On the 3rd of March we started again for Orthes, the scene of the famous battle, of which you will have heard before you receive this letter, and of which we received several imperfect accounts as we went along. The reception all along the road, and at Orthes, was the same as at Peyrehorade. Dr. M—— and Major G—— just stopped in the stable of a château for shelter, when the owner came out and took them in, and gave them cold turkey and champaign. At Orthes I got an excellent quarter at the house of the Juge de Paix, who was very hospitable as usual; and as the weather was so excessively bad, and my Portuguese almost dead with their walk of twenty miles in the rain and mud, I stopped the night there, notwithstanding the head-quarters were regularly eight miles further at Soult. I knew the latter was a miserable place, which was another inducement with me to remain.

At Orthes I found about two thousand wounded, one thousand English, and the others French and Portuguese; the latter had behaved well, as usual. I found the Adjutant-general, Pakenham, confined to his bed, ill at the inn, but, at nine at night, and this morning, very much better. The hospitals are all established, and in full activity. Lord March was shot in the chest, but the surgeon hoped he would do well, and thought so; he could not, however, find the ball, but had reason to think it had not passed the lungs.

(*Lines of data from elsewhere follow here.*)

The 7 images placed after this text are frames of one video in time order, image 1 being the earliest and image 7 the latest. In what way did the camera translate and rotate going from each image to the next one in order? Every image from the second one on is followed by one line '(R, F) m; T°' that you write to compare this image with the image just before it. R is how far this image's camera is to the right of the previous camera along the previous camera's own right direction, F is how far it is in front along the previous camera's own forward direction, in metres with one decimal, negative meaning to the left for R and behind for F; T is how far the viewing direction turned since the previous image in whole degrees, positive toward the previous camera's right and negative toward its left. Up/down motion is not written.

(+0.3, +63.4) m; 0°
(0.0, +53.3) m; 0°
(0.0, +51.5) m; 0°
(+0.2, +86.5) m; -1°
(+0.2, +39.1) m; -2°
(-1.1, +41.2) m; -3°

Colonel Brook’s brother (a schoolfellow of George’s) was shot through the lungs, and there is little hope of him.

The affair at Orthes was quite unexpected; as they had suffered our army to pass all the rivers, no one expected this desperate stand, for such I am told it was, the French having seldom fought better. They stood some time after they had ceased to fire, and it is therefore concluded that they had had no ammunition left; and even after our cavalry (who behaved well) was in the midst of them cutting away. At last they gave way, and then fled quickly. Their loss no one knows, as the wounded got off to the villages round; but all say that their army is actually reduced above eight thousand men, as the conscripts are all running home as fast as they can. Above twenty had come back to Peyrehorade; and one gentleman-like young man I met at my quarter there was a convalescent conscript, and such he said he should now always remain, unless affairs took another turn again.

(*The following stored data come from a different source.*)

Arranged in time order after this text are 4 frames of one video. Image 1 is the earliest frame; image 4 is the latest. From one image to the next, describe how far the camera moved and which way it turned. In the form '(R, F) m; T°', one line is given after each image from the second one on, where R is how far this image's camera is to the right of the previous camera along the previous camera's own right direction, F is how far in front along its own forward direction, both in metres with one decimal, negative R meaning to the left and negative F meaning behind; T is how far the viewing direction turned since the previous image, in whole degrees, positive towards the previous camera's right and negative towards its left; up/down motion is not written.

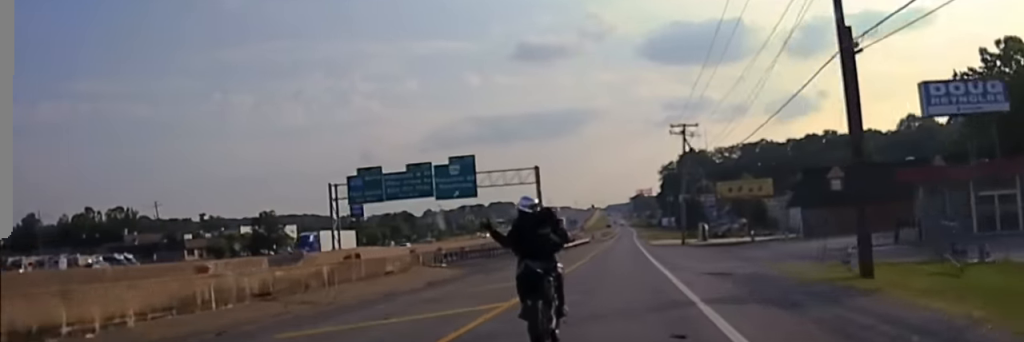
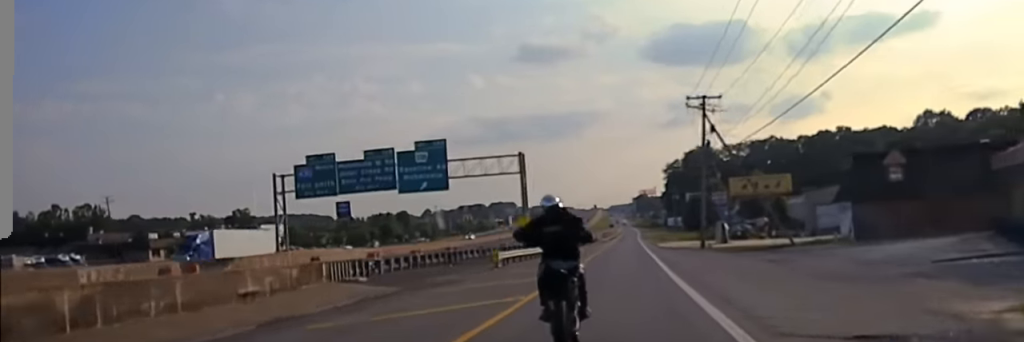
(-0.1, +15.5) m; 0°
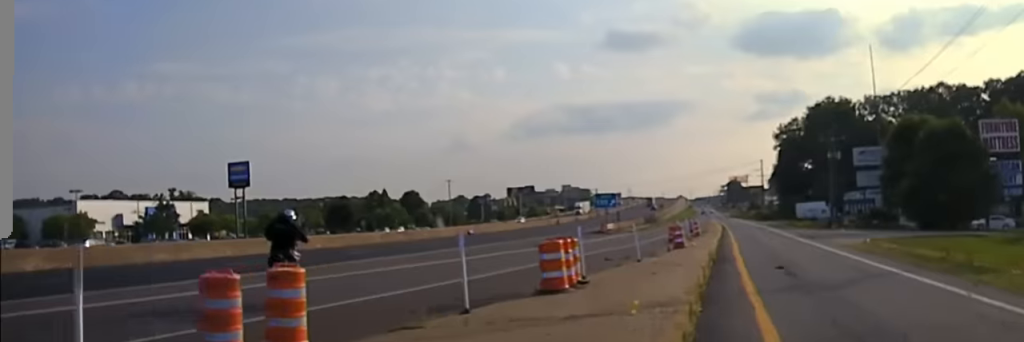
(-1.4, +117.1) m; -3°
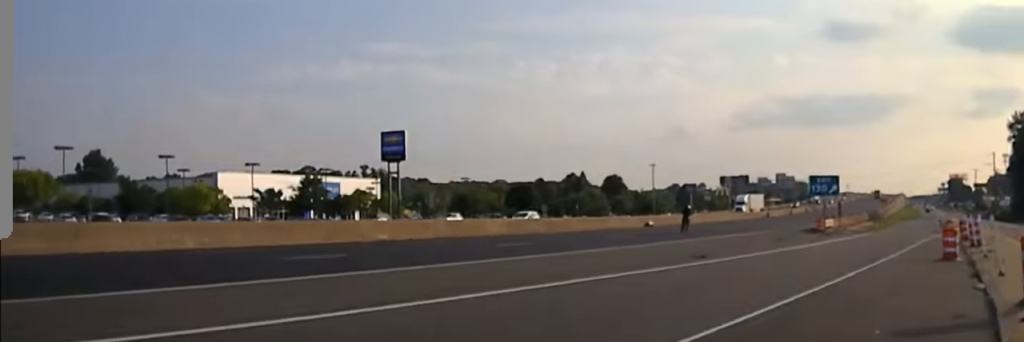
(-1.7, +29.0) m; -10°

Our state here is most curious; all riding about singly, entering any house we please, and well received everywhere, the baggage straggling all over the country; every one declaring that one man had caused all their misery for the last three years. The Bourbons are almost forgotten; and few, even of the better sort of people, know who the Duke d’Angoulême is. All want peace, and, therefore, wish him well. The French people are just now humbled to a most astonishing degree—I could scarcely have believed it possible.